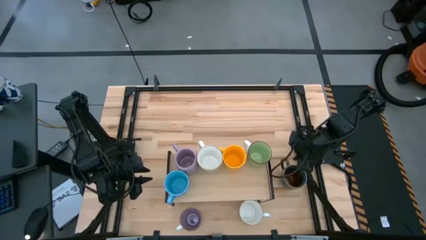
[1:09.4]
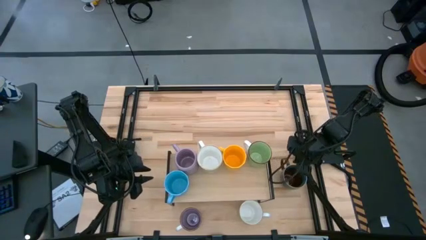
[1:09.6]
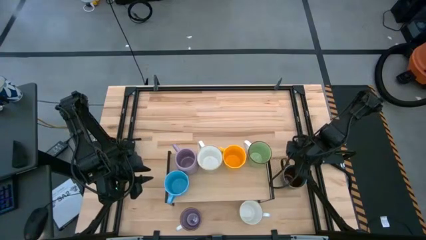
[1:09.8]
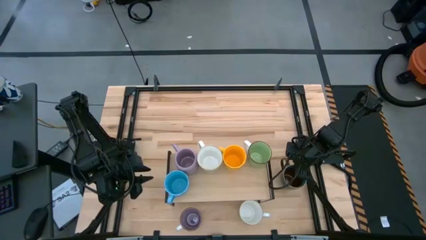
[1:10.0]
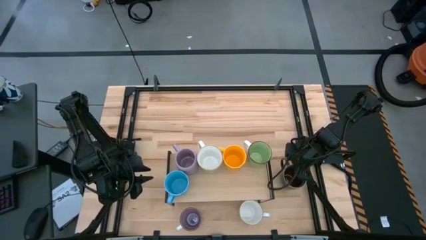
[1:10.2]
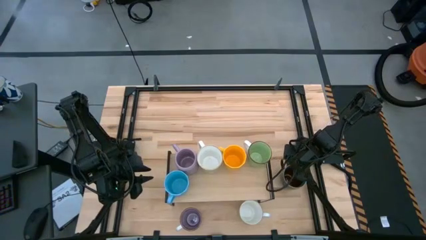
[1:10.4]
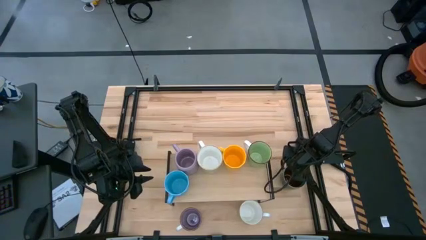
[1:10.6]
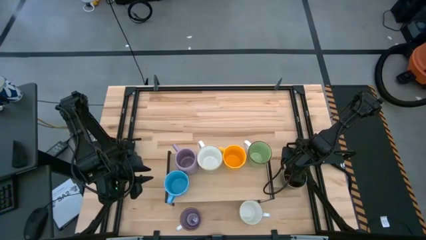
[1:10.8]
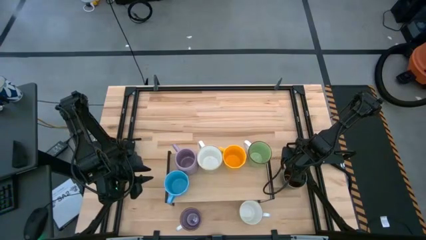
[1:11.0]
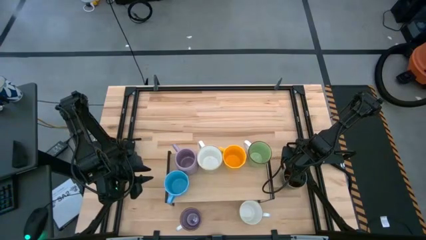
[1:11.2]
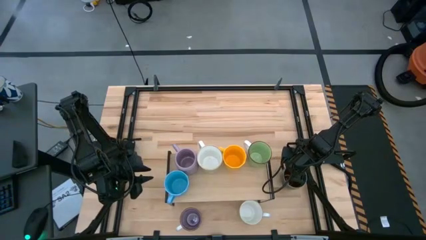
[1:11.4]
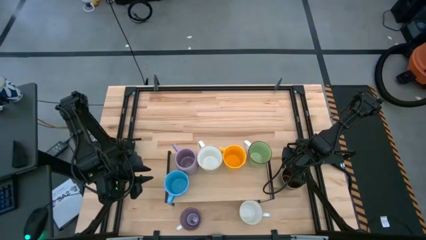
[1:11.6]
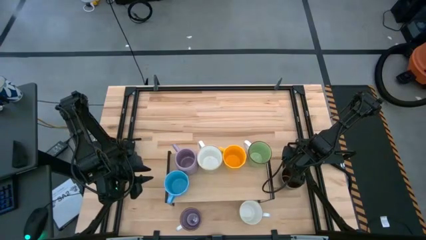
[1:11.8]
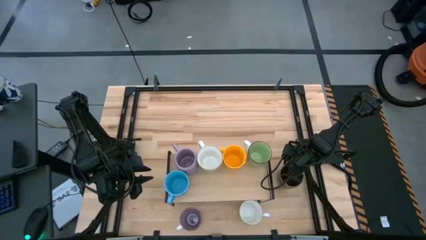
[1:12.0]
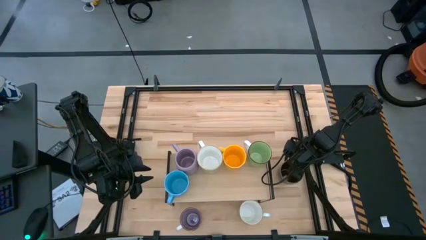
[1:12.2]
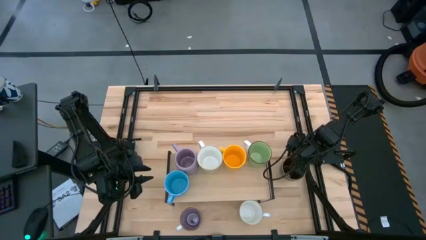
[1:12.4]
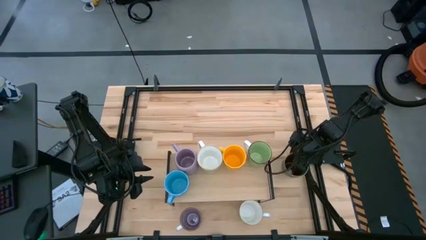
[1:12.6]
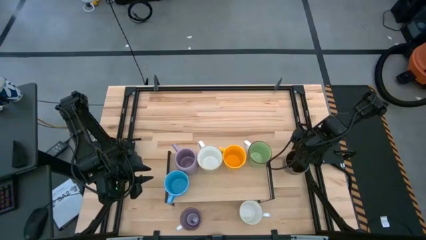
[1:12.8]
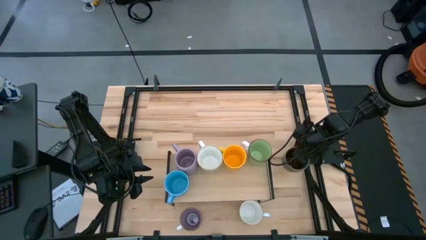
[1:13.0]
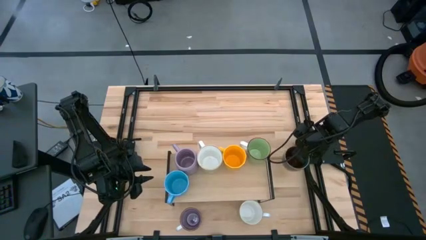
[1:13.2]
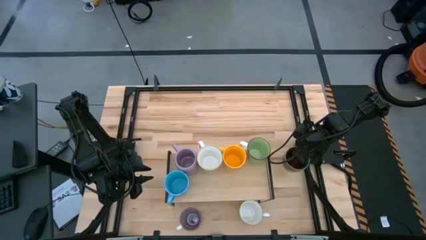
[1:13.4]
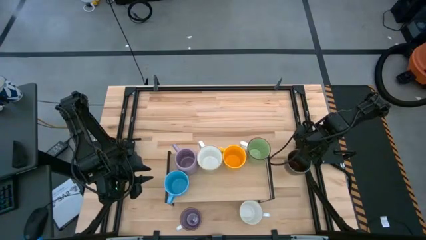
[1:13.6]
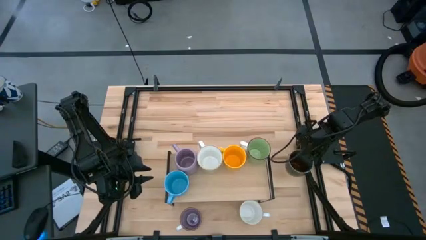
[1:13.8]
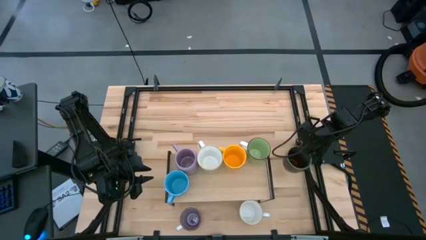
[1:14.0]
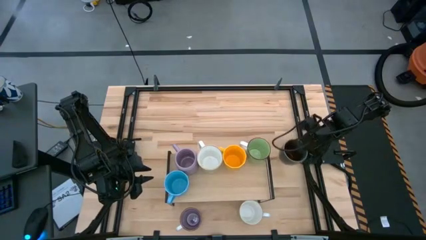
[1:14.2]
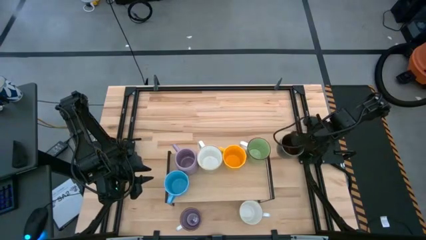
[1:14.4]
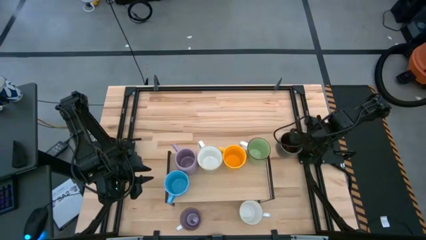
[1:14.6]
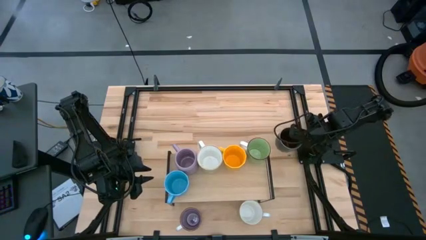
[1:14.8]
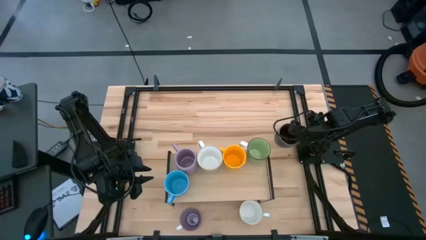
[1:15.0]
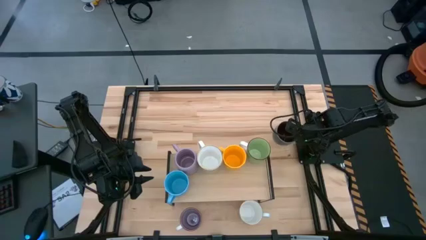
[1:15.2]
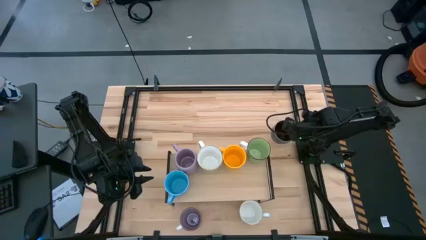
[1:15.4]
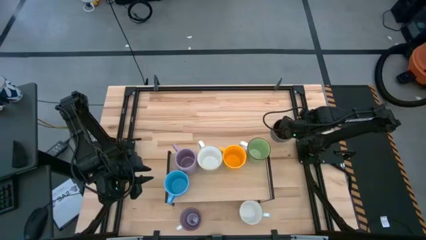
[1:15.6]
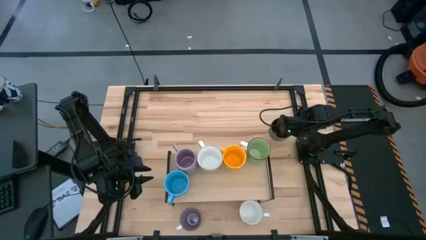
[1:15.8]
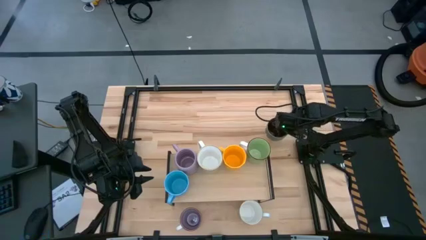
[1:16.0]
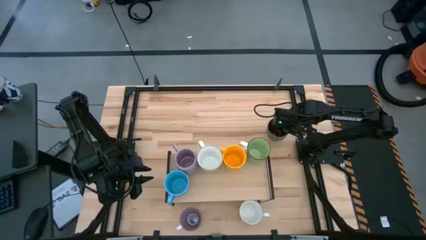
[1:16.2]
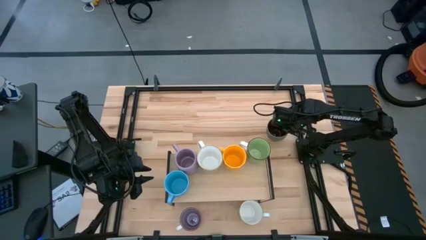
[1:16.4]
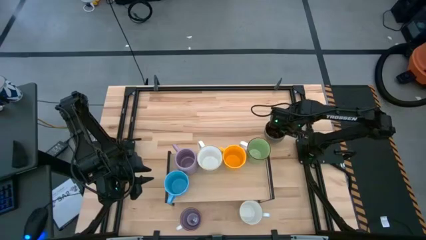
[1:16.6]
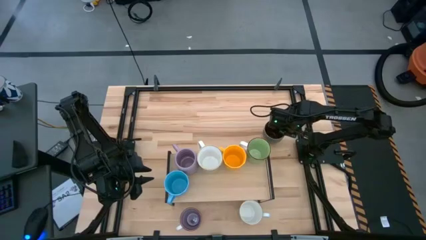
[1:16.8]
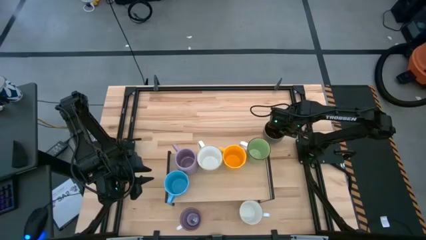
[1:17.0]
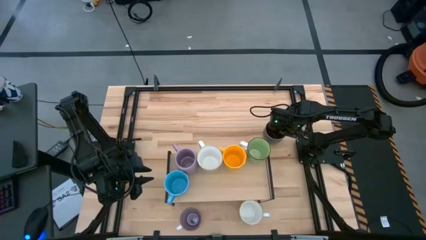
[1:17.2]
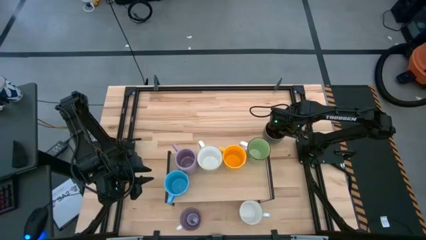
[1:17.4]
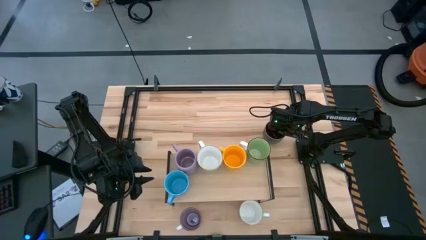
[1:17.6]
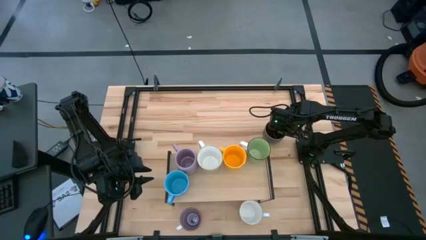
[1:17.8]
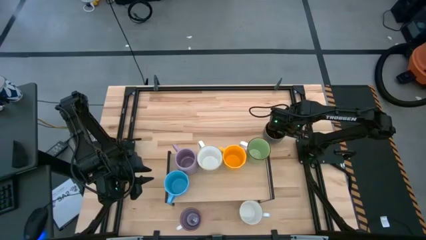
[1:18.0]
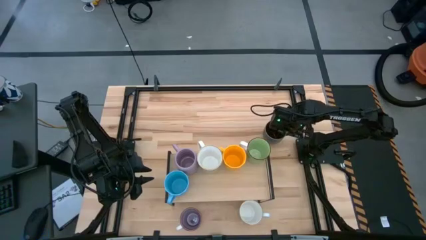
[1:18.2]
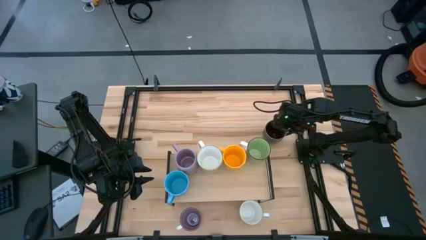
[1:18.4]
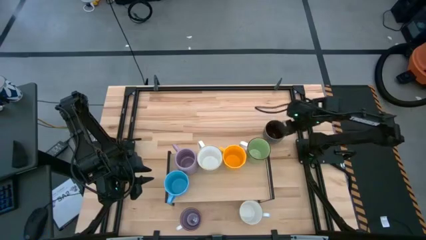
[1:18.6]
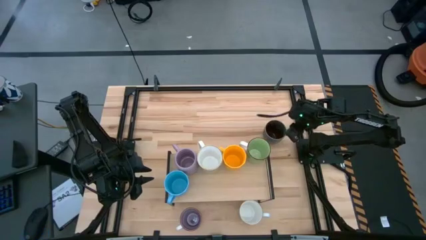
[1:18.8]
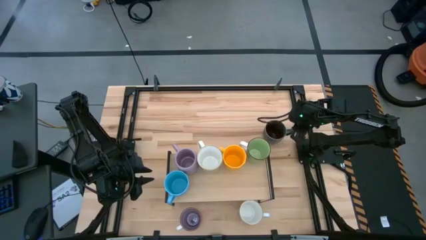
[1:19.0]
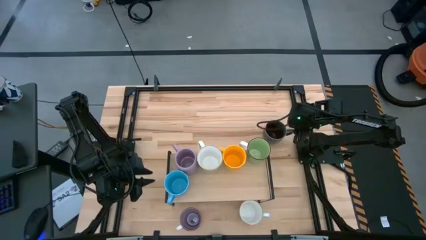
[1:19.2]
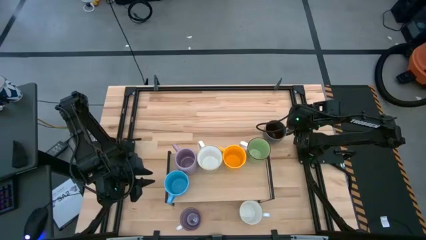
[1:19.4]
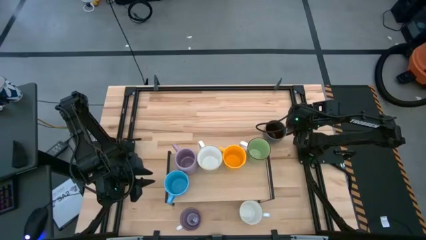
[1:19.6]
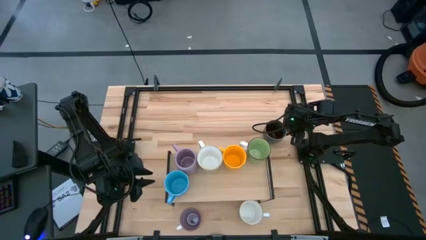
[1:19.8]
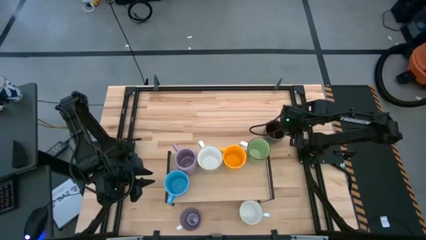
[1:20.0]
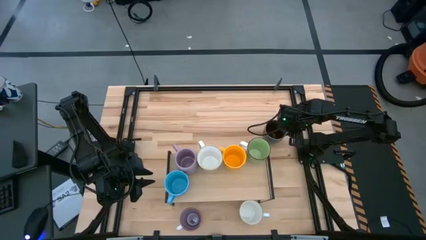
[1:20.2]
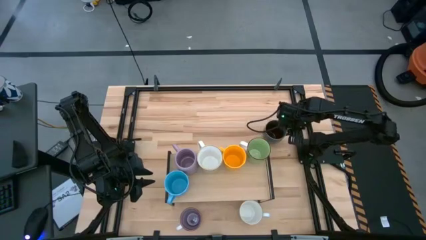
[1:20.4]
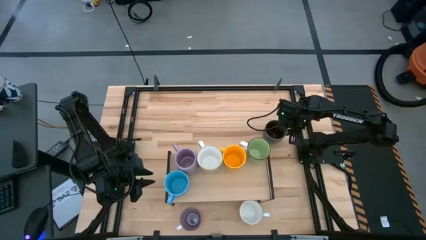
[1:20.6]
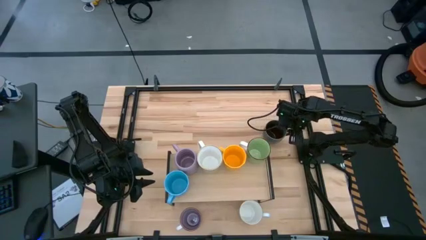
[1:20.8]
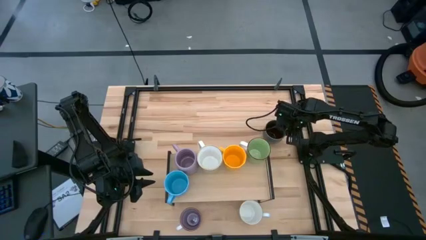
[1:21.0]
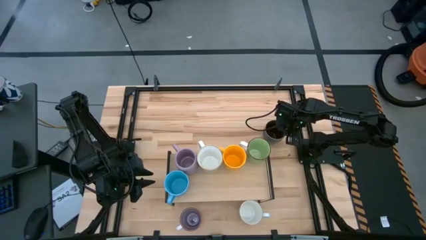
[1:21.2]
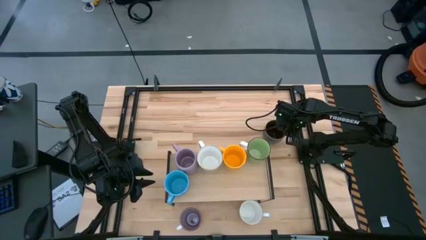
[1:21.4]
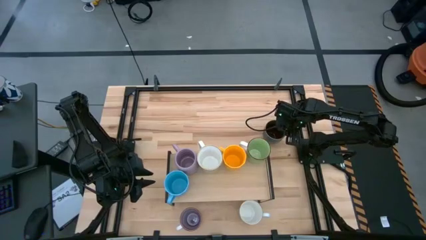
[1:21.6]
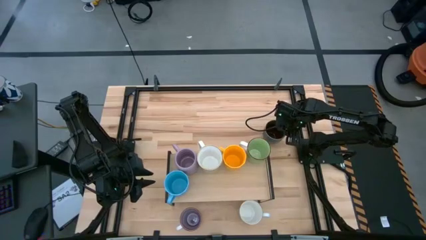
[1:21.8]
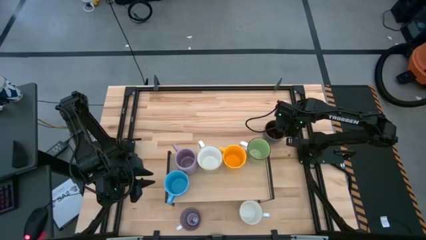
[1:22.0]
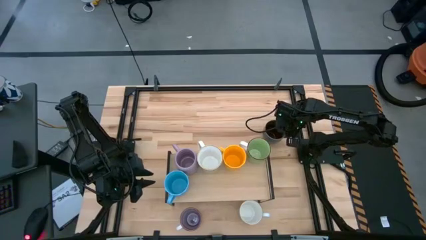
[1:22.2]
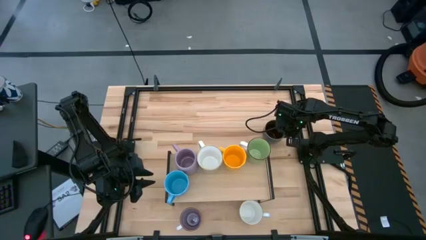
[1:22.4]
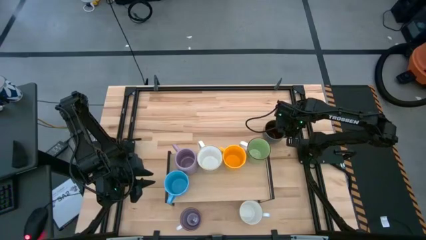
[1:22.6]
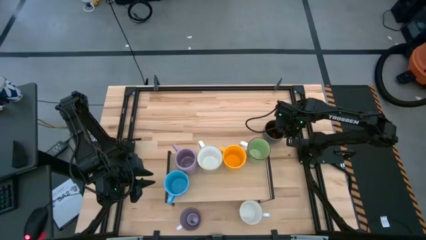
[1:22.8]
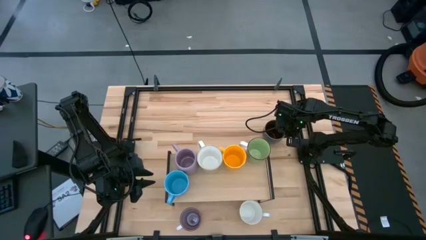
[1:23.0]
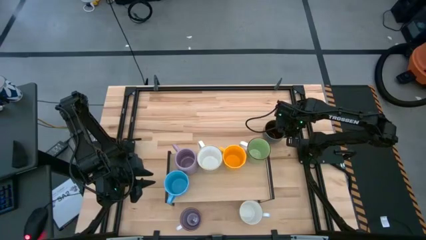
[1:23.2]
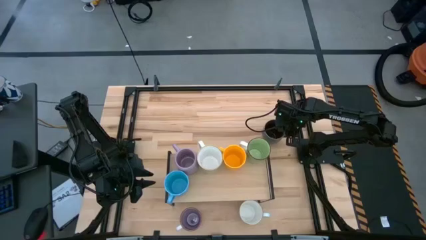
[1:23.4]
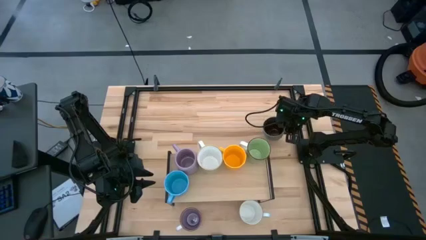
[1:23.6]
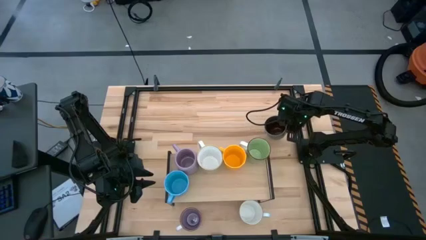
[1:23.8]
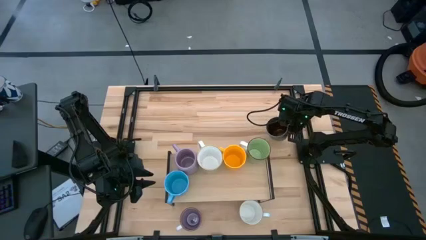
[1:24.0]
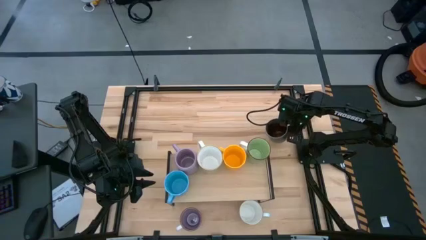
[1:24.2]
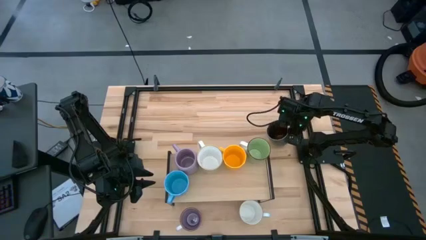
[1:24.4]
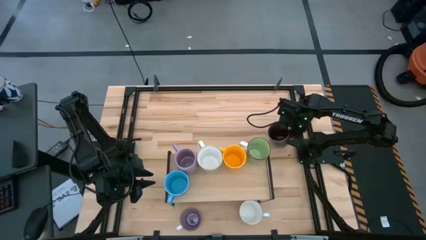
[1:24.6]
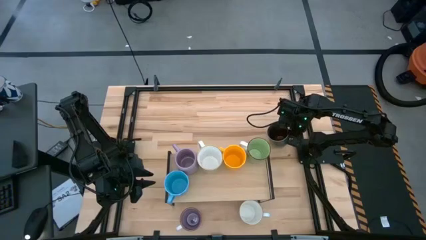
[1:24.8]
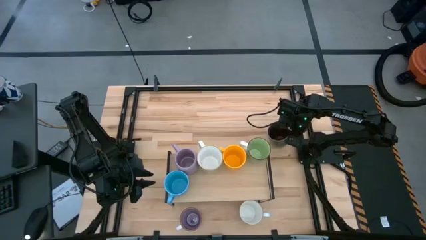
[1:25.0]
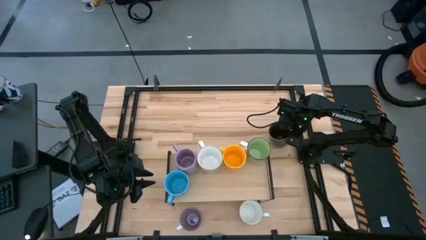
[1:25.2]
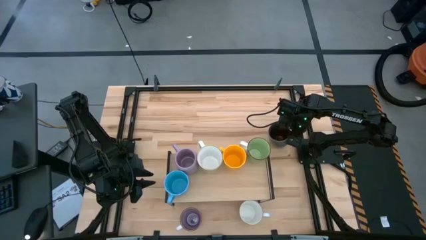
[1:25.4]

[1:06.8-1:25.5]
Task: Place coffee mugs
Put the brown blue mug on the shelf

### Assigned task:
Each record above is to be written out exactly; the pictures are not.

### Problem solution:
[1:09.4]
[1:09.6]
[1:09.8]
[1:10.0]
[1:10.2]
[1:10.4]
[1:10.6]
[1:10.8]
[1:11.0]
[1:11.2]
[1:11.4]
[1:11.6]
[1:11.8]
[1:12.0]
[1:12.2]
[1:12.4]
[1:12.6]
[1:12.8]
[1:13.0]
[1:13.2]
[1:13.4]
[1:13.6]
[1:13.8]
[1:14.0]
[1:14.2]
[1:14.4]
[1:14.6]
[1:14.8]
[1:15.0]
[1:15.2]
[1:15.4]
[1:15.6]
[1:15.8]
[1:16.0]
[1:16.2]
[1:16.4]
[1:16.6]
[1:16.8]
[1:17.0]
[1:17.2]
[1:17.4]
[1:17.6]
[1:17.8]
[1:18.0]
[1:18.2]
[1:18.4]
[1:18.6]
[1:18.8]
[1:19.0]
[1:19.2]
[1:19.4]
[1:19.6]
[1:19.8]
[1:20.0]
[1:20.2]
[1:20.4]
[1:20.6]
[1:20.8]
[1:21.0]
[1:21.2]
[1:21.4]
[1:21.6]
[1:21.8]
[1:22.0]
[1:22.2]
[1:22.4]
[1:22.6]
[1:22.8]
[1:23.0]
[1:23.2]
[1:23.4]
[1:23.6]
[1:23.8]
[1:24.0]
[1:24.2]
[1:24.4]
[1:24.6]
[1:24.8]
[1:25.0]
[1:25.2]
[1:25.4]

[1:06.8-1:25.5]
Task: Place coffee mugs
Put the brown blue mug on the shelf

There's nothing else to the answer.